Selon une étude de l'Institut Reuters réalisée l'année dernière, 7 % des consommateurs d'actualités en ligne utilisent désormais des assistants intelligents pour les actualités, contre 15 % chez les moins de 25 ans. Les éditeurs s'attendent à ce que le trafic de recherche diminue de près de moitié au cours des trois prochaines années, car les aperçus de l'IA et les recherches sans clic remplaceront les clics traditionnels sur les liens. La façon dont les gens naviguent vers des médias fiables évolue rapidement. Si nous ne créons pas d'obligations de visibilité qui couvrent ces nouvelles interfaces dès maintenant, nous nous retrouverons, dans très peu de temps, avec une législation déjà obsolète.

La bonne nouvelle, c'est que l'IA utilisée de manière responsable a un tout autre aspect. Nos membres utilisent déjà l'IA pour la traduction, la recommandation de contenu et les outils d'audience, toujours sous supervision humaine. À l'EBU, nous avons développé des outils pour permettre au public de suivre les actualités provenant de médias fiables. Mais cela nécessite une véritable responsabilité de la part de ceux qui créent les interfaces sur lesquelles les gens s'appuient pour obtenir des informations. C'est pourquoi nous avons lancé FACTS IN : FACTS OUT, une campagne mondiale réunissant des milliers de médias d'information publics et privés du monde entier, appelant les grandes technologies à coopérer avec les médias en matière de précision, d'attribution appropriée et d'autorisation lorsque du contenu est utilisé dans des modèles d'IA générative. Tout cadre de notoriété sérieux doit couvrir les interfaces d'IA. Ce n'est pas facultatif, c'est essentiel.

Alors, que demandons-nous?

Nous aimerions que la Commission renforce les dispositions relatives à la prééminence dans l'AVMSD, afin que cette visibilité soit significative et efficace. Cela se résume à trois choses.

Tout d'abord : rendez-le contraignant. Pas de directives. Ce ne sont pas des engagements volontaires. Une obligation claire et exécutoire, dotée de véritables pouvoirs, et des conséquences significatives pour ceux qui ne s'y conforment pas. La Commission a reconnu l'importance comme une priorité. Nous nous en réjouissons. La proposition doit maintenant être à la hauteur de l'ambition.

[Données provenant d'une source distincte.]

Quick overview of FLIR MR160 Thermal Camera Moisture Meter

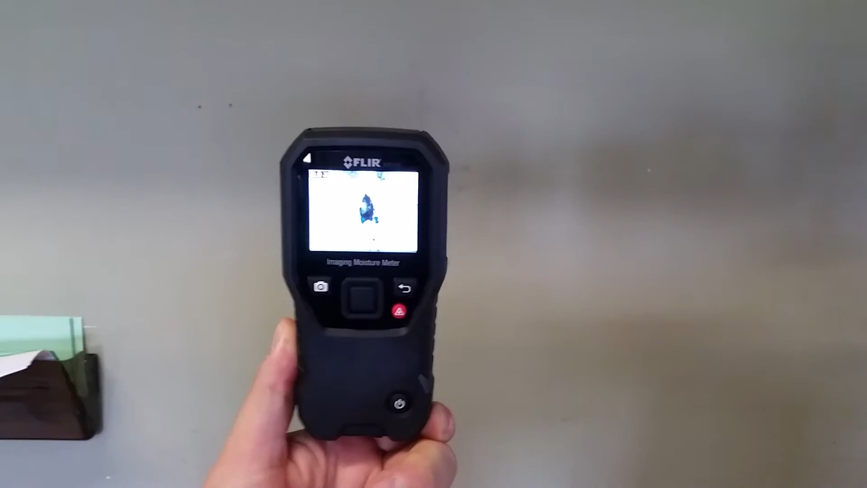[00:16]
And if you want to know exactly where it is, you can use the laser pointer, which is the red button. It shows you exactly your spot.
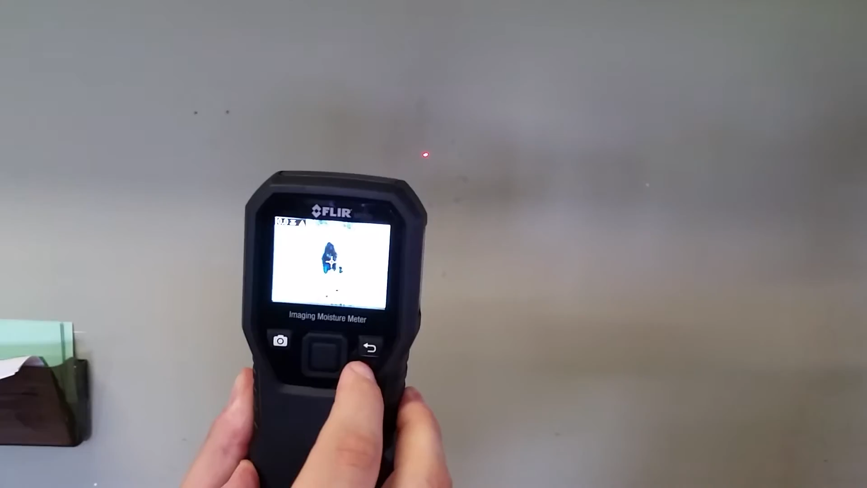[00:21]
And then if you want to move in a little closer, it'll actually show you as you get closer and closer to take the measurement,
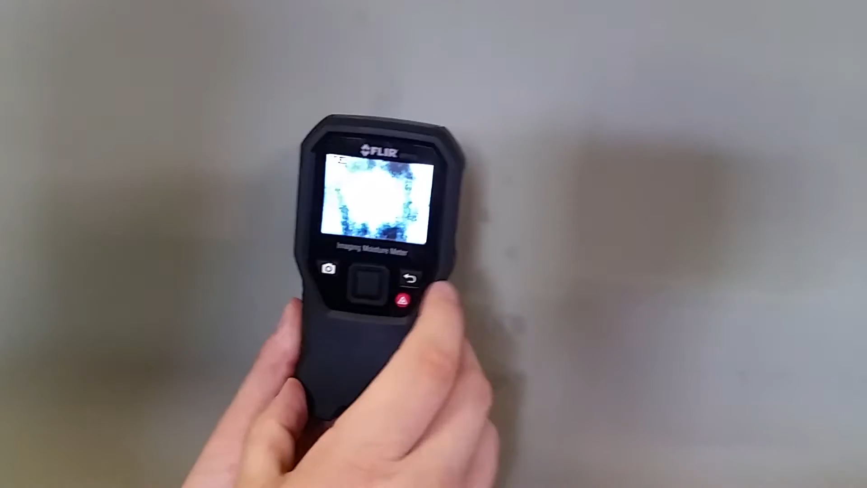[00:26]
the pad is on the back of the panel, on the back of the instrument,
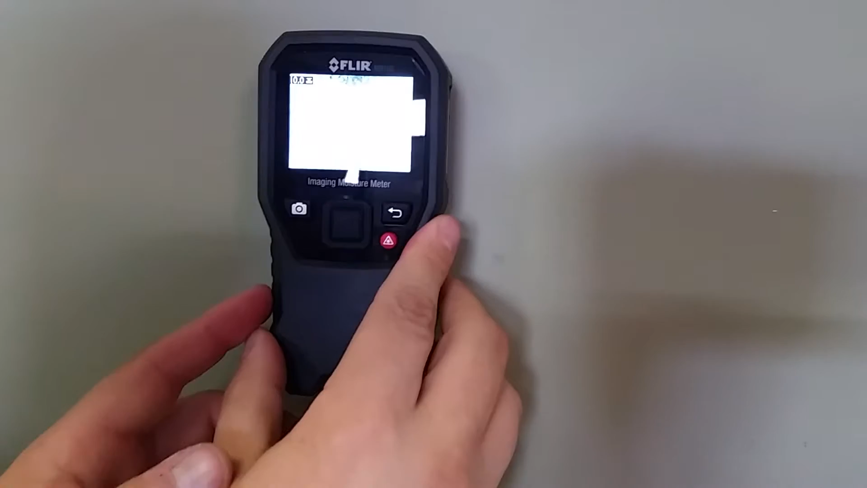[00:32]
and hit the picture button and save it.
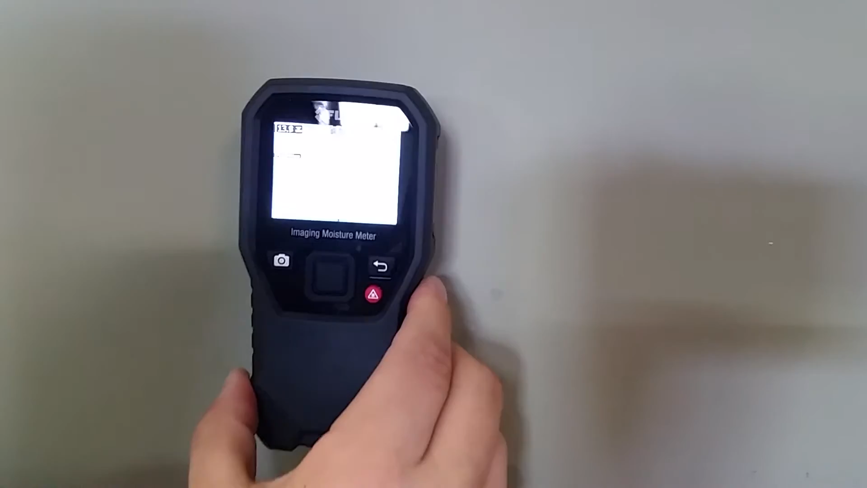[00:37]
So if you turn the camera around, turn it around, you'll see where the actual sensor is.
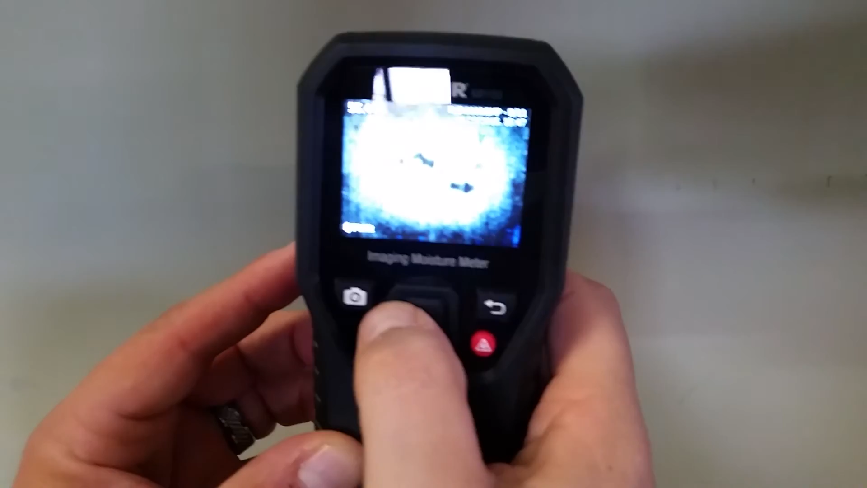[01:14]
You can also recall the images with the moisture data that you've taken. And if you want to, you can then create a report and use the FLIR tools software to create a report for yourself or your customers.
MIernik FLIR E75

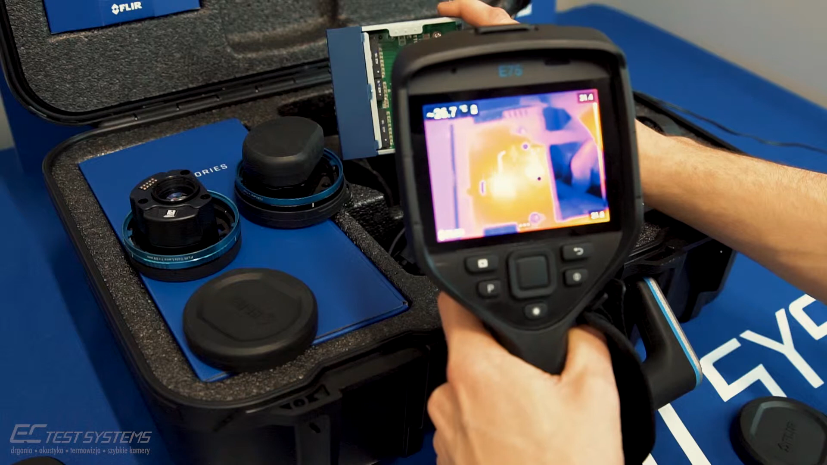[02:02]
Autofocus Ustawienie ostrości na zasadzie kontrastu termicznego Możemy nacisnąć na spust I obraz zostanie zapisany do biblioteki obrazów Żeby podglądnąć Wybieramy nasze zdjęcia Wspólnie Wybieramy Jel Bolt Hop Peps zu Wspólnie
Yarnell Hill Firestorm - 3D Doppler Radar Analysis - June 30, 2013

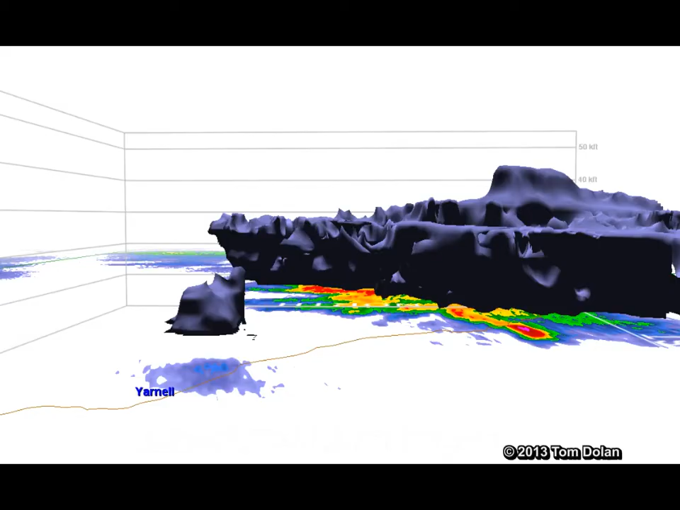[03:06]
Here is a view looking at the outer layer of the clouds and smoke.

Deuxièmement : portée et contenu. Permettez-moi d'être concret. Sur les téléviseurs intelligents et les tableaux de bord des voitures, cela signifie que nos applications sont parmi les plus visibles sur le premier écran, accessibles en un seul clic, et là de droite, non seulement accessibles à ceux qui payent la plateforme pour une position privilégiée, comme le font les grands services commerciaux aujourd'hui. Dans les recommandations et les recherches, cela signifie que notre contenu est affiché de manière efficace, qu'il n'est pas simplement autorisé à entrer en concurrence, et qu'il est utilisé uniquement avec notre consentement. Dans les assistants IA, cela signifie que notre contenu est cité, attribué et lié, non absorbé et diffusé de manière anonyme. Et elle doit s'appliquer sans exception, sans exception, sans échappatoire pour ceux qui bénéficient d'un public européen tout en évitant les responsabilités européennes.

Troisièmement : un cadre conçu pour durer. La législation doit être suffisamment souple et dynamique pour suivre le rythme des changements technologiques, y compris les profonds changements déjà induits par l'IA générative, sans jamais perdre de vue son objectif principal. Cela signifie des dispositions qui peuvent évoluer en fonction de l'évolution du paysage, et non un texte périmé le jour de son entrée en vigueur.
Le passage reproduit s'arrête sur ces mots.